Para quem vende o precatório (cedente original)
Na maioria dos casos, o titular original do precatório o recebeu em decorrência de uma decisão judicial — ele não "comprou" esse crédito por nenhum valor. Para a Receita Federal, isso significa que o custo de aquisição é, em regra, zero. Quando ele vende com deságio, mesmo recebendo menos do que o valor de face, todo o valor recebido pode ser considerado ganho — não há o que abater como custo.
E aí surge a dúvida que mais confunde o contribuinte: "mas eu recebi menos do que tinha direito, como pode haver ganho?". A resposta é técnica: o que importa para a Receita não é o valor de face do precatório, e sim o quanto efetivamente entrou no bolso do contribuinte comparado ao que ele desembolsou para ter aquele direito. Como ele não desembolsou nada (o crédito veio de uma sentença), todo o líquido recebido é, em tese, base de cálculo.

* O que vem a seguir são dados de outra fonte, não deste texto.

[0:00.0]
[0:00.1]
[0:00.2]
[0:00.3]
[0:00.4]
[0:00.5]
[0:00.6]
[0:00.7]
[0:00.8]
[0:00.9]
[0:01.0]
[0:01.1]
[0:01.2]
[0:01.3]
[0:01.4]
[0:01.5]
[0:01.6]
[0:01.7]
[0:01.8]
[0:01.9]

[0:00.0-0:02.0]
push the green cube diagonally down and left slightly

A ressalva importante é que, se o valor recebido tiver natureza de salário, aposentadoria ou outro rendimento tributável, ele pode não ser tributado pela tabela de ganho de capital (com alíquotas de 15% a 22,5%), e sim pela tabela progressiva do Imposto de Renda, que pode chegar a 27,5%. O enquadramento exato deve ser confirmado com base no manual da Receita Federal e na orientação de um contador.

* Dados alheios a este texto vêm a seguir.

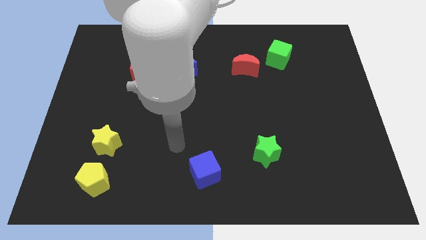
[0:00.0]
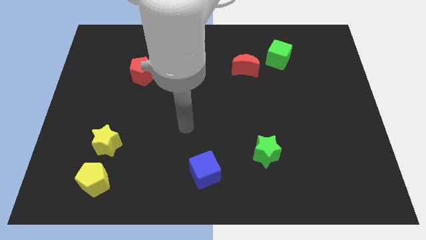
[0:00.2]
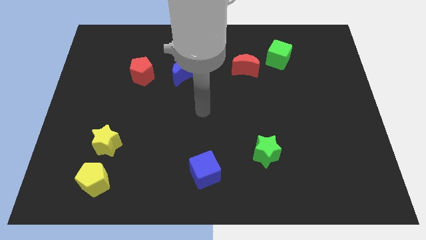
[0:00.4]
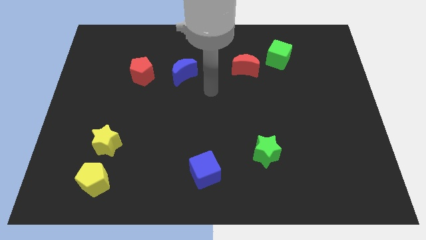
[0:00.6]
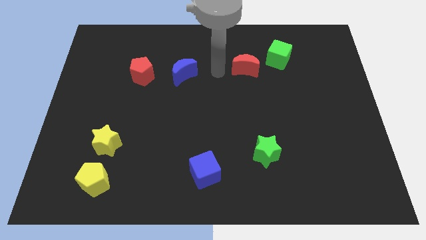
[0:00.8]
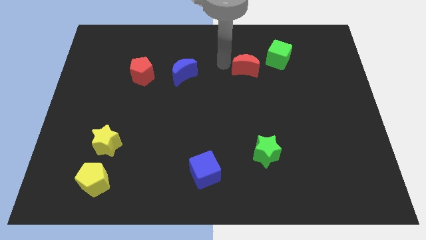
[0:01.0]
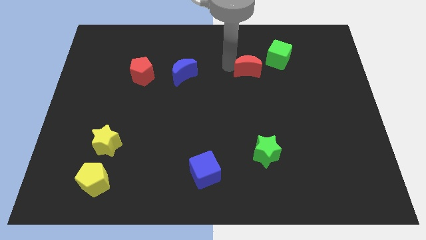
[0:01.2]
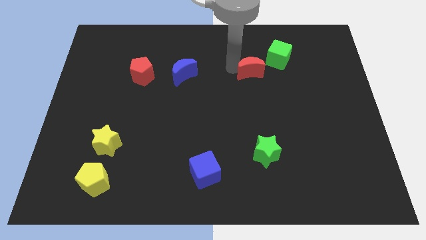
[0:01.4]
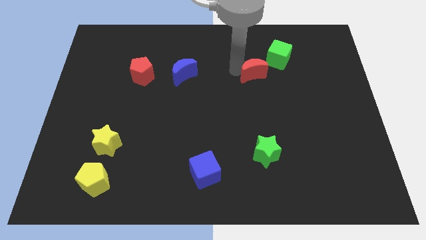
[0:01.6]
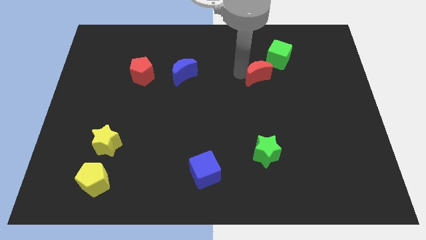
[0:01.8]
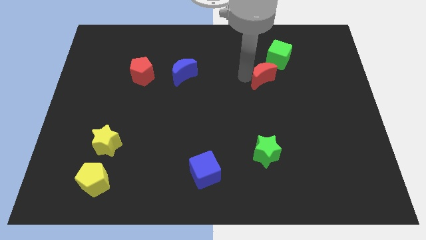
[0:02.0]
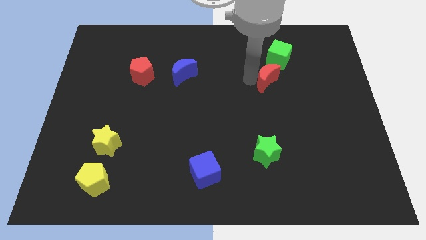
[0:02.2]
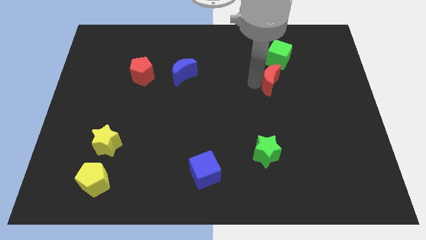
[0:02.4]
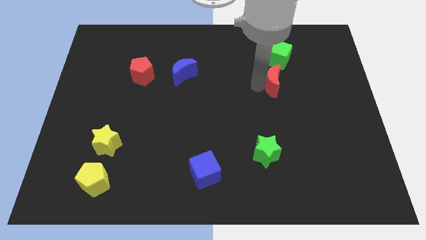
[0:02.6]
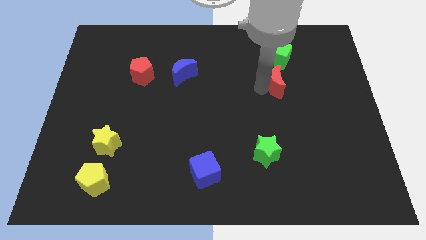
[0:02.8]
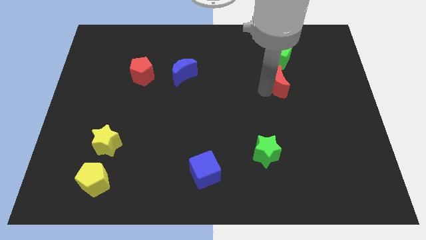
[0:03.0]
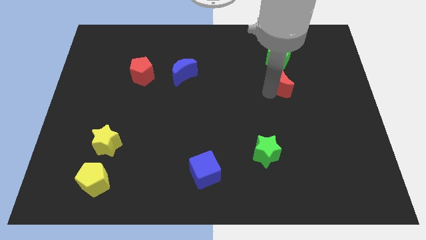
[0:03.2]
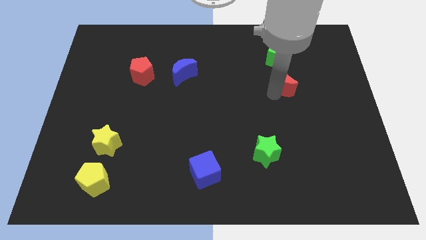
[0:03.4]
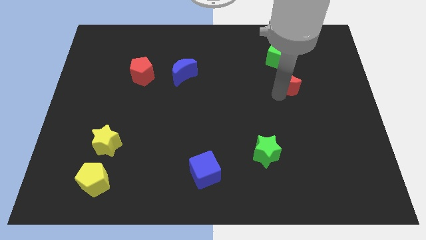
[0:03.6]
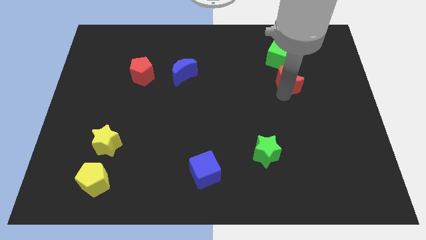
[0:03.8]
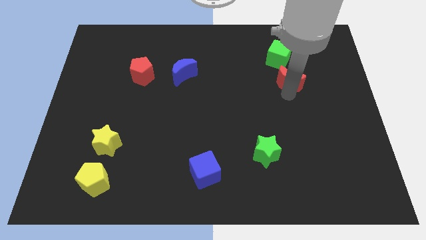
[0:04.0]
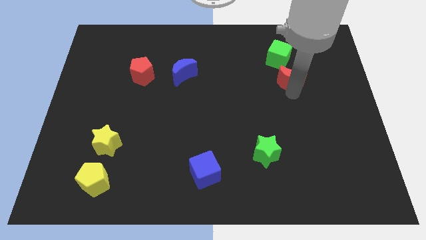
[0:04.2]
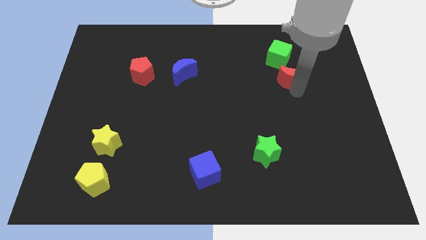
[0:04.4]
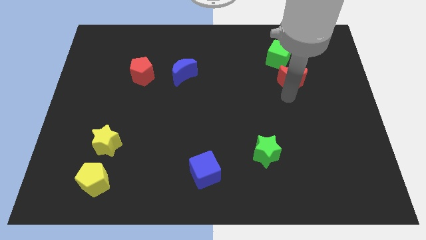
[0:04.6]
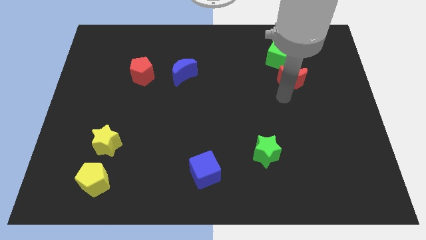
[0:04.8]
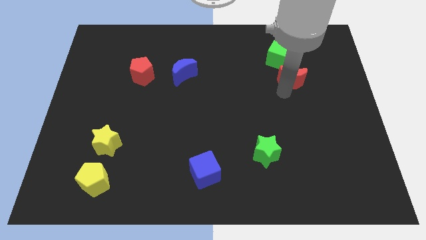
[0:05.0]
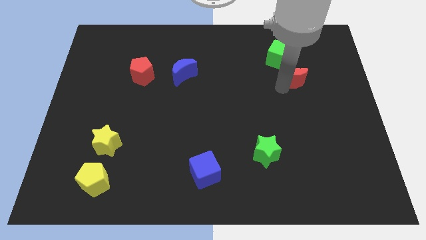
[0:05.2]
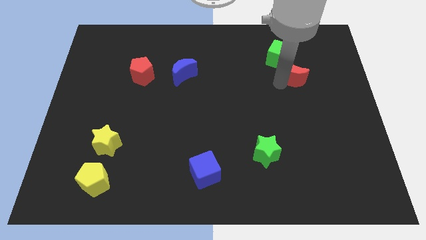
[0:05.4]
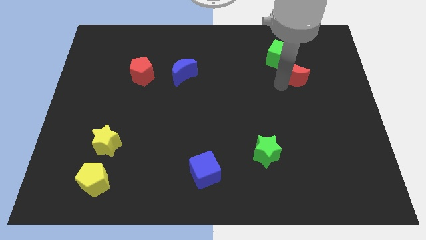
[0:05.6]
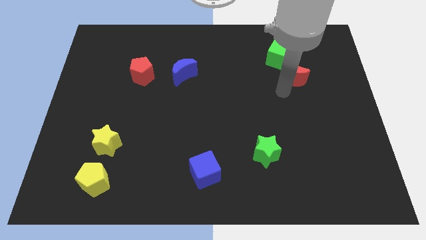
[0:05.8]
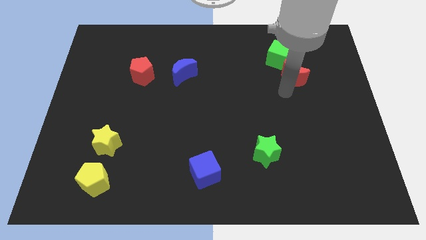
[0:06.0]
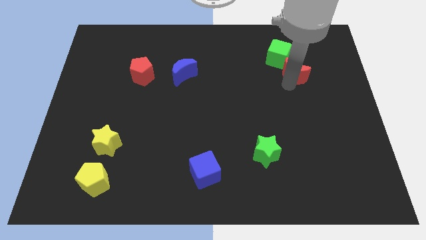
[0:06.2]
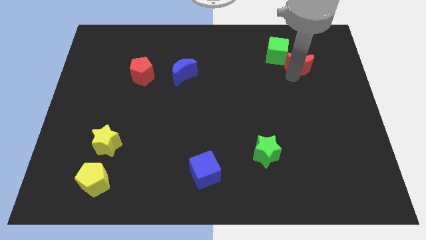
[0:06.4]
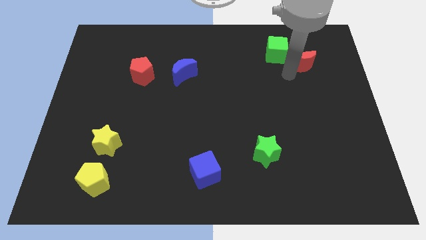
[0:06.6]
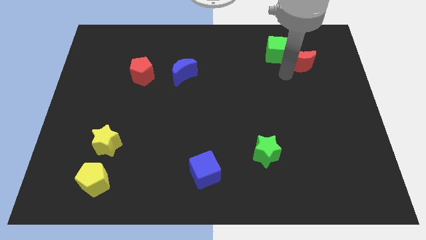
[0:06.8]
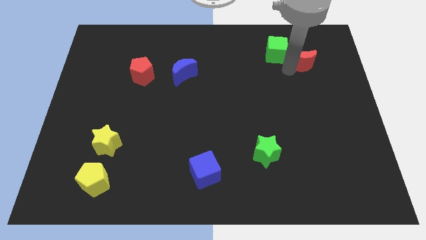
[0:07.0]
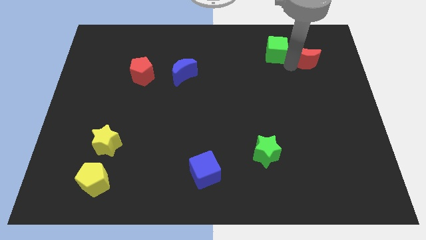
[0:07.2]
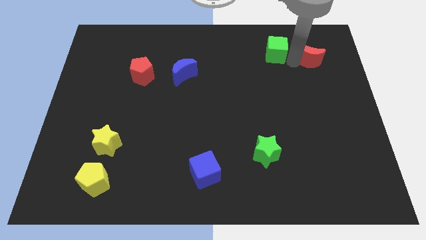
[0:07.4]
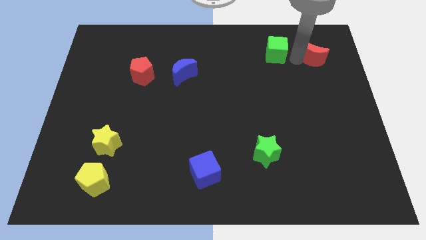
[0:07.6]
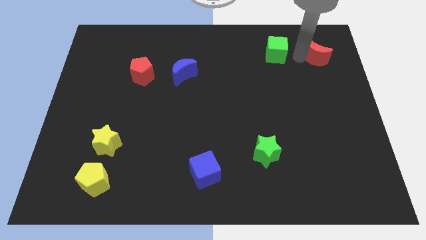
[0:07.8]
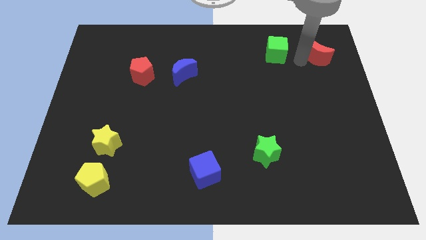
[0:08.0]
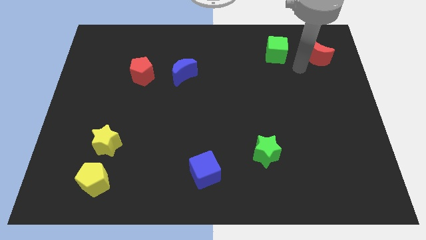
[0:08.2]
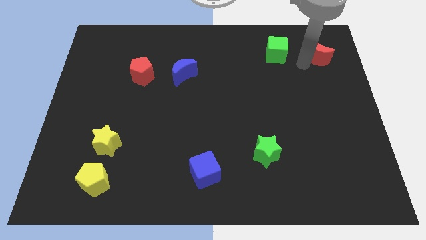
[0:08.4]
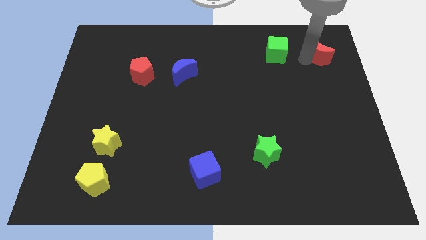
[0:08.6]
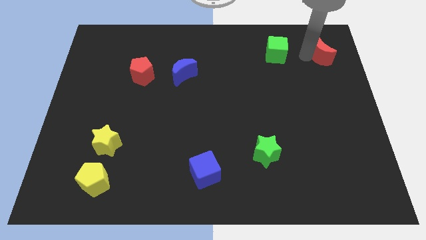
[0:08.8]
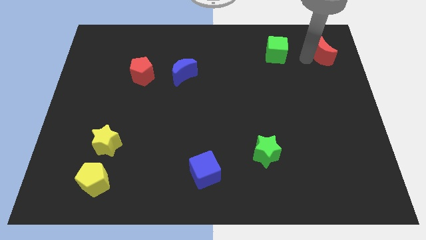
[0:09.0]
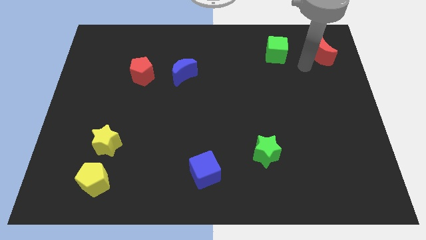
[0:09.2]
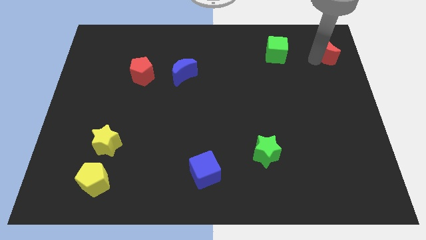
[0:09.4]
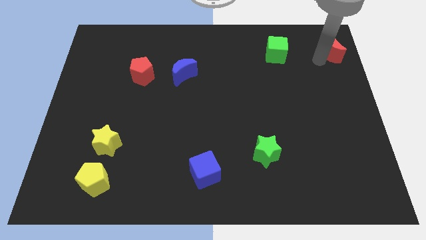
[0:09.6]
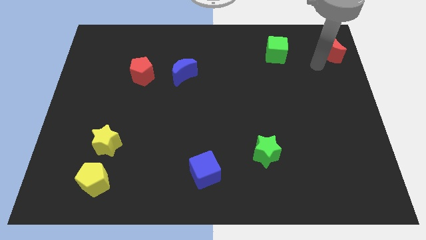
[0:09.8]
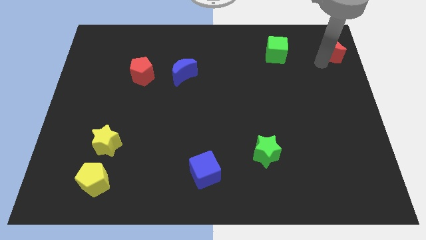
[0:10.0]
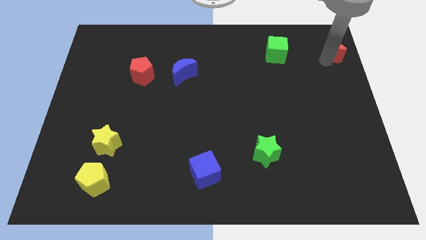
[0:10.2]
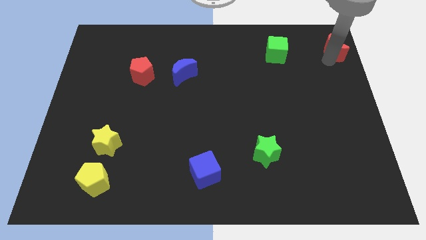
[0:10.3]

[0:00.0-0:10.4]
slide the red moon to the top right of the board

Para quem compra o precatório (cessionário)
Para o investidor ou empresa que comprou o precatório com deságio, a lógica se inverte. Aqui o custo de aquisição é o valor efetivamente pago ao cedente. Quando o ente público quita o precatório pelo valor cheio (mais correção e juros), a diferença entre o valor recebido e o valor pago na cessão é ganho de capital tributável.
Esse é, inclusive, o coração do negócio para fundos e investidores que atuam nesse mercado: o lucro está justamente nesse spread, e ele paga IR como ganho de capital nas alíquotas próprias.
Como declarar e evitar a malha fina
A declaração correta começa antes mesmo de assinar o contrato de cessão. Guardar todos os documentos é essencial: cópia da sentença que reconheceu o direito, ofício do precatório, contrato de cessão com o cessionário, comprovante do valor recebido e, se houver, comprovante de retenção de IR feito na fonte pelo tribunal ou pelo ente devedor.
Alguns cuidados práticos para a hora de declarar:
- Separe a natureza do crédito. Antes de qualquer coisa, identifique se o precatório é de origem trabalhista, previdenciária, indenizatória ou tributária. É essa origem que define o tratamento na declaração de Imposto de Renda.
- Não esconda a operação. Como a cessão de precatório costuma envolver valores altos e movimentação bancária expressiva, a Receita Federal cruza essas informações com extratos bancários e e-Financeira. Omissão tende a virar malha fina.
- Use o programa de Ganho de Capital (GCAP) quando aplicável. Para a parcela enquadrada como ganho de capital, o cálculo e o recolhimento são feitos por DARF específico e depois importados para a declaração anual. O código e o prazo exatos devem ser verificados na instrução vigente da Receita Federal.
- Atenção ao IR retido na fonte. Se o tribunal já reteve IR na origem antes da cessão (em alguns formatos de pagamento), esse valor pode ser compensado, evitando bitributação.
- Procure um contador especializado. Por envolver direito tributário, direito processual e regras de IR, a operação raramente cabe num enquadramento padrão. Pagar uma consultoria custa muito menos do que uma autuação com multa e juros anos depois.
O recado prático para o credor
Vender um precatório com deságio pode ser uma decisão financeira inteligente para quem precisa de liquidez e não quer esperar a fila do orçamento público. Mas é uma decisão que precisa ser tomada com os olhos abertos para o lado tributário. Antes de assinar a cessão, calcule quanto vai sobrar depois do Imposto de Renda e do eventual ganho de capital. Esse é o valor real do negócio — e é com base nele que você deve comparar propostas e decidir se compensa vender agora ou continuar na fila esperando o pagamento integral.